# Work instructions
In your answer, set down the records below exactly as they stand, omitting pictures.

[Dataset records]
++++++++
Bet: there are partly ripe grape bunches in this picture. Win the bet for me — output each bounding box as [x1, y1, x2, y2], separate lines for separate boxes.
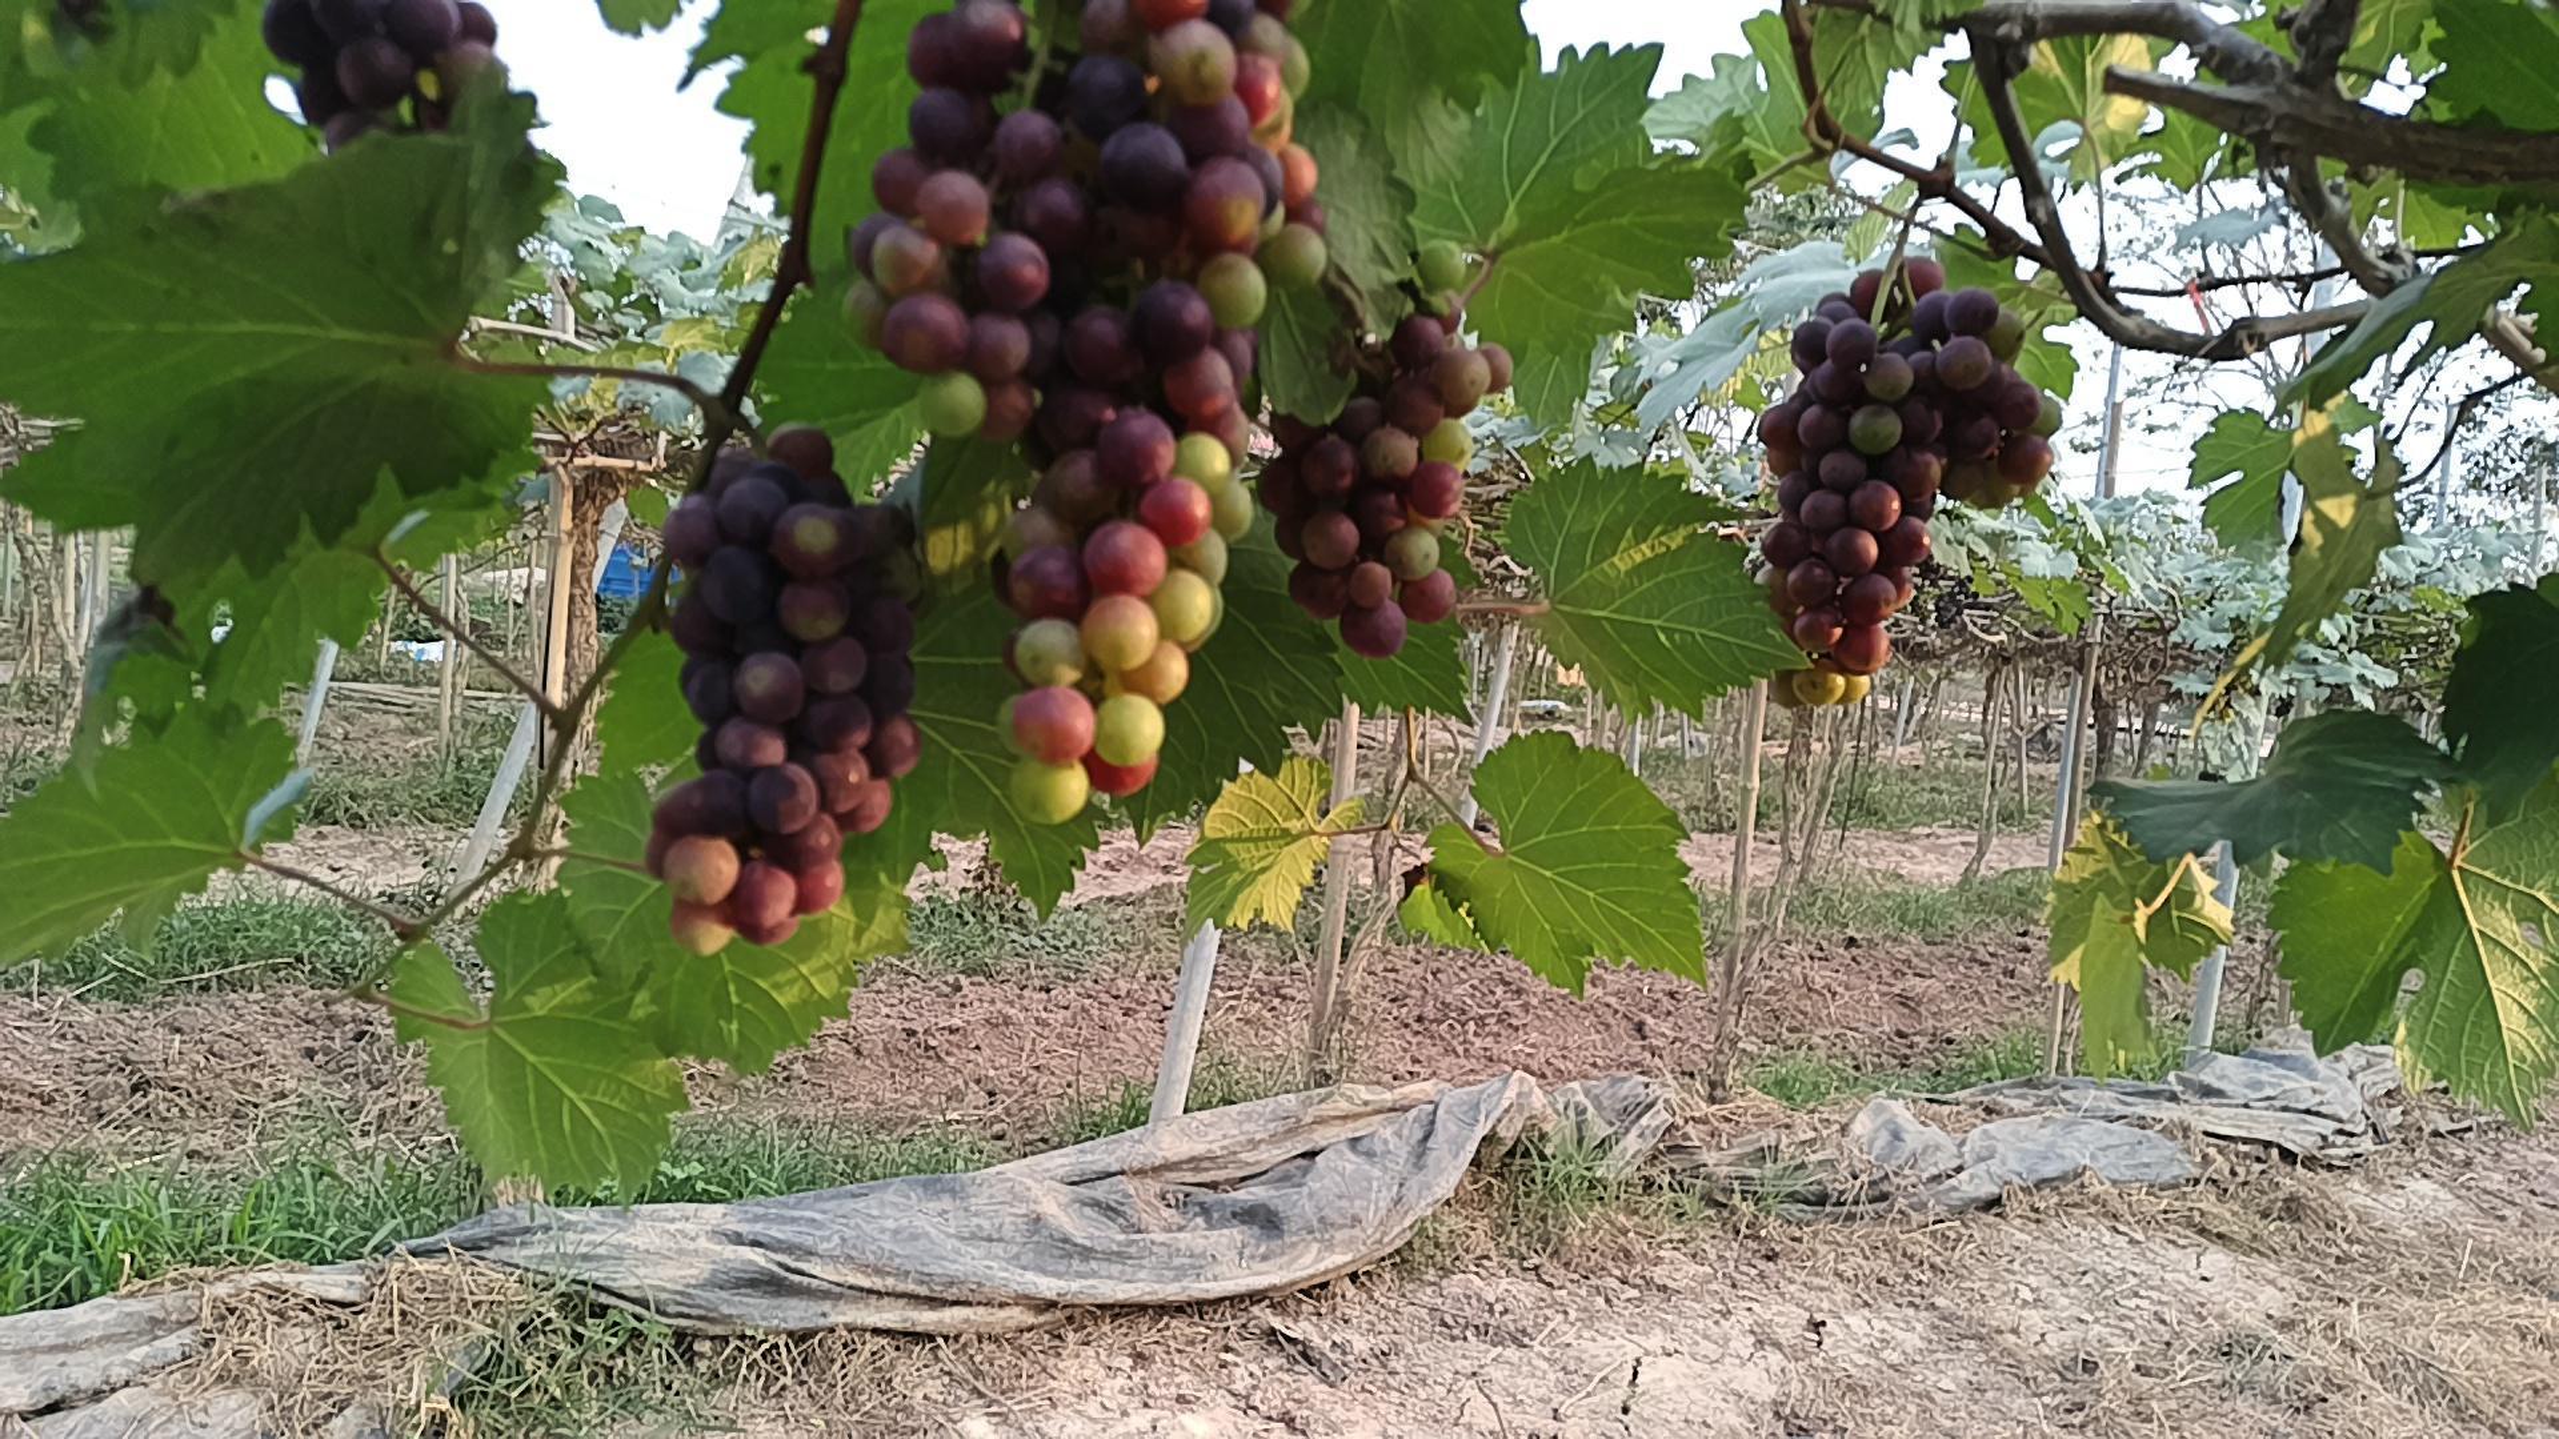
[1257, 244, 1513, 658]
[1758, 254, 2062, 709]
[645, 426, 920, 946]
[263, 0, 502, 149]
[848, 0, 1327, 826]
++++++++
# Solved exercise
Bet: there are partly ripe grape bunches in this picture. Win the bet for me — output each bounding box as [x1, y1, x2, y2], separate lines for separate boxes.
[1257, 244, 1513, 658]
[1758, 254, 2062, 709]
[645, 426, 920, 946]
[263, 0, 502, 149]
[848, 0, 1327, 826]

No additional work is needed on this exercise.